There is no reference photo to show you because this is completely my own composition out of my head, and I was just striving for a colorful fun painting. 

Let me know what you would change if it were yours. I want to improve.


----------



## Mel_Robertson (Feb 23, 2016)

i love the colors it really stands out great work!


----------



## TerryCurley (Jan 4, 2015)

Thank you Meli. Here is the first tweak of the painting. I added a shadow to the frog and some of the lilies.


----------



## TerryCurley (Jan 4, 2015)

Well here is the second tweaking. Why is that I don't see these things until after I think I'm finished with the painting. I added darker shadows. Blurred out the background. And added some reflective color. I think I'm happy with it now....maybe.


----------



## Susan Mulno (Apr 13, 2015)

This one is bright and fun! Great job, I like the improvements you made but I think you are right, it's done.


----------



## TerryCurley (Jan 4, 2015)

Thanks Susan, but I got the urge to add some more sparkle to the water and also to make reflections of the lily pads in the water. OK Now I think it's done. 

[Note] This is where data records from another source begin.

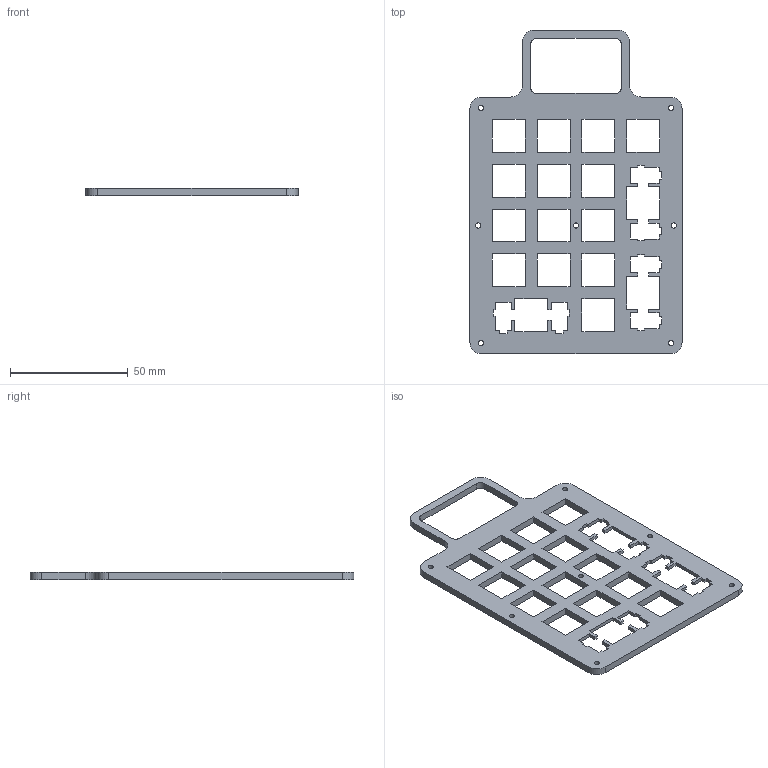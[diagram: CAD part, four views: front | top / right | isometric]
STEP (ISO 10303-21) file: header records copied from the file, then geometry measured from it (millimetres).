
FILE_DESCRIPTION(('HOOPS Exchange Step'),'2;1');
FILE_NAME('temp_export','2023-06-10T21:50:50+20:00',('jscotto'),('Shapr3D Limited'),'HOOPS Exchange 2022.2','Shapr3D','Authorized');
FILE_SCHEMA( ('AUTOMOTIVE_DESIGN { 1 0 10303 214 1 1 1 1 }') );
Length unit declared in the file: millimetre
Products named in the file (1): Middle
Bounding box: 90.2 x 137.75 x 3 mm (x, y, z)
Volume: 17038.5 mm3; surface area: 17806.5 mm2
Topology: 1 solids, 1 shells, 207 faces, 621 edges, 418 vertices
Faces by surface type: plane 188, cylinder 15, bspline 4
Full cylindrical faces by diameter (mm): 2.2 x7
Entity records: 7211 total; most frequent: CARTESIAN_POINT 1455, ORIENTED_EDGE 1246, DIRECTION 1065, EDGE_CURVE 623, VECTOR 573, LINE 573, VERTEX_POINT 420, EDGE_LOOP 259

I dear anyone to say they can't tell where the light is coming from (that's been a constant problem in my pictures).


----------



## dickhutchings (Oct 6, 2015)

This is beautiful Terry. Again, the colors really draw my attention and then it's into the details. Nice one!


----------



## TonTon (Mar 4, 2016)

I love this painting! Beautiful colors Terry


----------



## kpnuts (Apr 3, 2016)

Superb I can see why this also sold, love everything about it, colour, depth, composition it's a great picture very monet-ish


----------



## SHIKANTH MOHUNLAL (Jan 14, 2015)

great work 
I love the colour and the compositon very much.


----------



## TerryCurley (Jan 4, 2015)

Thank you so much Shikanth Mohunlal, kpnuts, TonTon, and Dick. I truly appreciate your encouragement.


----------



## leighann (May 10, 2015)

Gorgeous work as usual, Terry :biggrin:


----------



## abt2k15 (Jan 9, 2016)

awesome work. the reed on the left end really bothers me though.. imho it would be awesome if you could turn them into leafes so they whirl out of the piece.. 
could do a quick chop if what i wrote doesnt make sense to you


----------



## bbbaldie (Feb 12, 2016)

You're like me. I've learned not to mat or frame for a day or two after I've signed it, because of improvements that must be made, dad gum it! I've also been doing imaginary paintings with watercolor recently, it's been more effective training than copying a subject.


----------



## TerryCurley (Jan 4, 2015)

abt2k15 said:


> awesome work. the reed on the left end really bothers me though.. imho it would be awesome if you could turn them into leafes so they whirl out of the piece..
> could do a quick chop if what i wrote doesnt make sense to you


Can not do, this painting has been sold and shipped. But thanks for the suggestion.


----------



## TerryCurley (Jan 4, 2015)

bbbaldie said:


> You're like me. I've learned not to mat or frame for a day or two after I've signed it, because of improvements that must be made, dad gum it! I've also been doing imaginary paintings with watercolor recently, it's been more effective training than copying a subject.


With Oil Painting you have to wait at least a week (sometimes more) before doing anything like framing it or varnishing it. It does give me time to fix mistakes....and each fix extends the wait time. :wink:


----------